──────── Source data
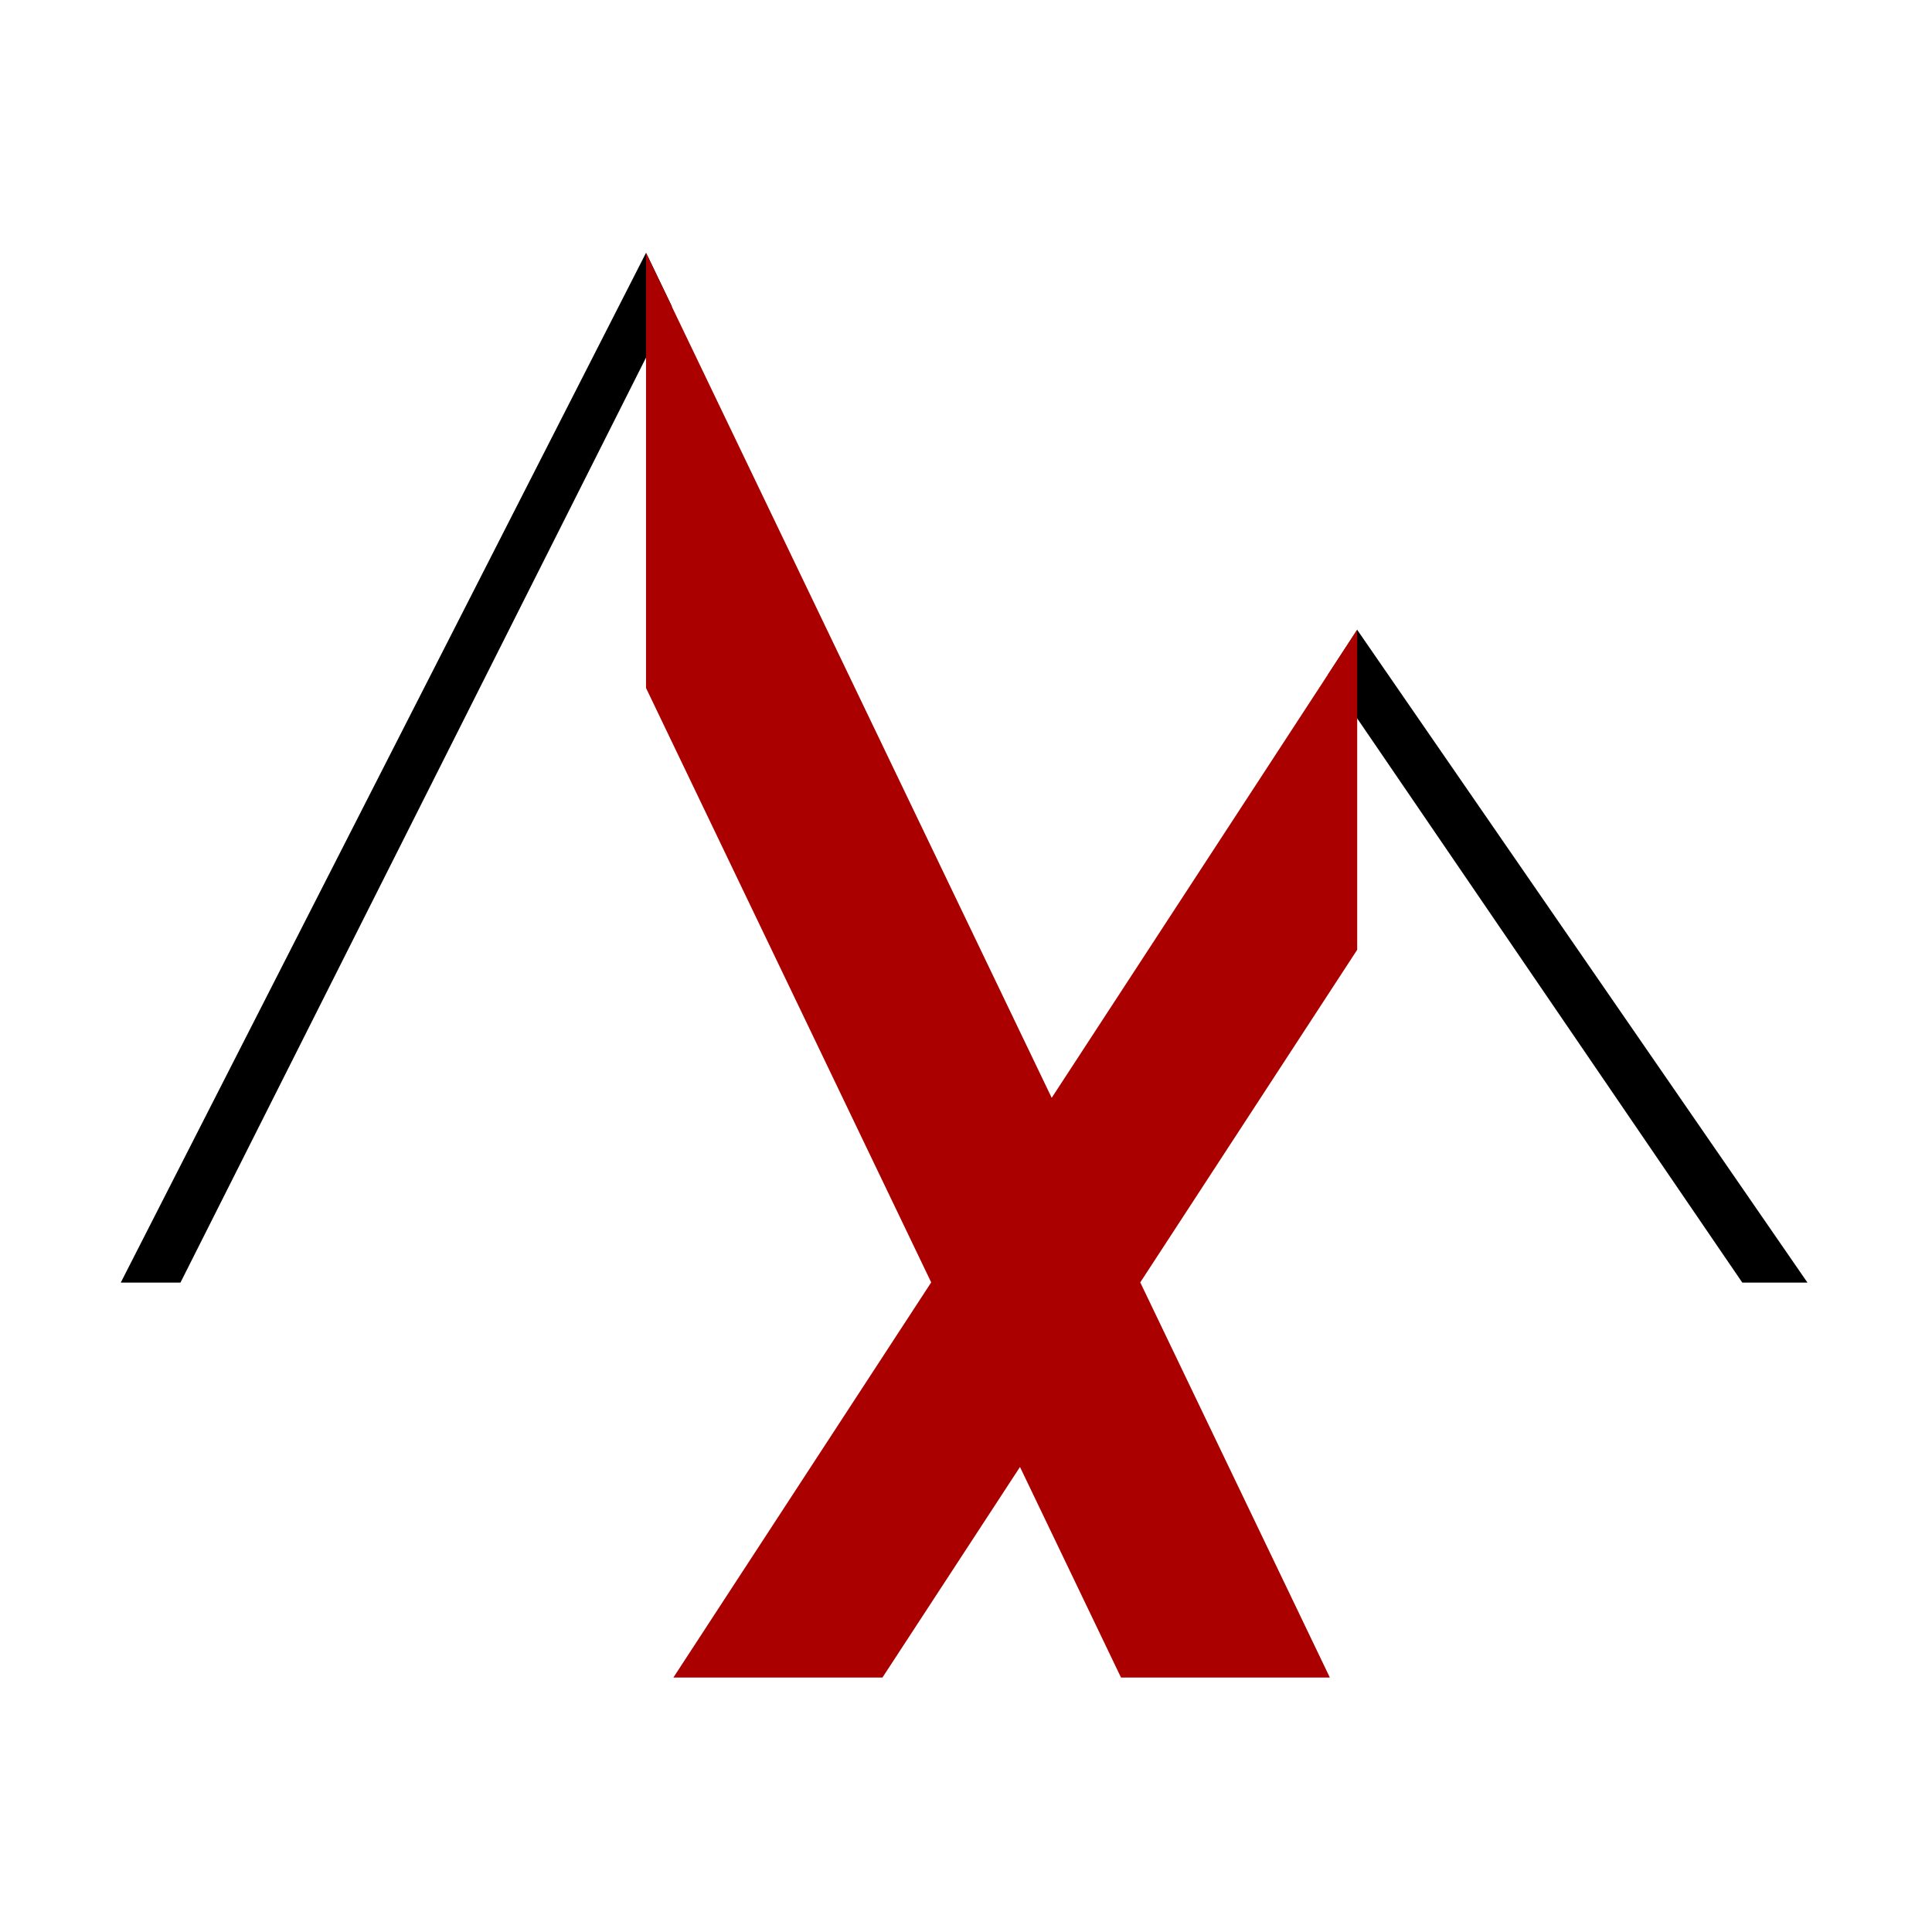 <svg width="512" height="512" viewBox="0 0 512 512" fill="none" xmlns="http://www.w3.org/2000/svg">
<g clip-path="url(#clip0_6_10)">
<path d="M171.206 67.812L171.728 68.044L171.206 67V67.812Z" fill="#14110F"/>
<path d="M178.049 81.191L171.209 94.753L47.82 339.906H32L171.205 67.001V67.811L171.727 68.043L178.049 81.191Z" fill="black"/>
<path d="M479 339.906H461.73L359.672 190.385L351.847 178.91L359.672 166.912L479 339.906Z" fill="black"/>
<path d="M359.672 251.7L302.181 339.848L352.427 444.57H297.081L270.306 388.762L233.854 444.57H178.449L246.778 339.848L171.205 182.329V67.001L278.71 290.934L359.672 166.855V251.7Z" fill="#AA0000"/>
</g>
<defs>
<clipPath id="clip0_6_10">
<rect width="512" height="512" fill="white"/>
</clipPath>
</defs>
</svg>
────────────────
* What you need to do *
Show each line in the data where the string "black" appears.

* Final answer *
<path d="M178.049 81.191L171.209 94.753L47.82 339.906H32L171.205 67.001V67.811L171.727 68.043L178.049 81.191Z" fill="black"/>
<path d="M479 339.906H461.73L359.672 190.385L351.847 178.91L359.672 166.912L479 339.906Z" fill="black"/>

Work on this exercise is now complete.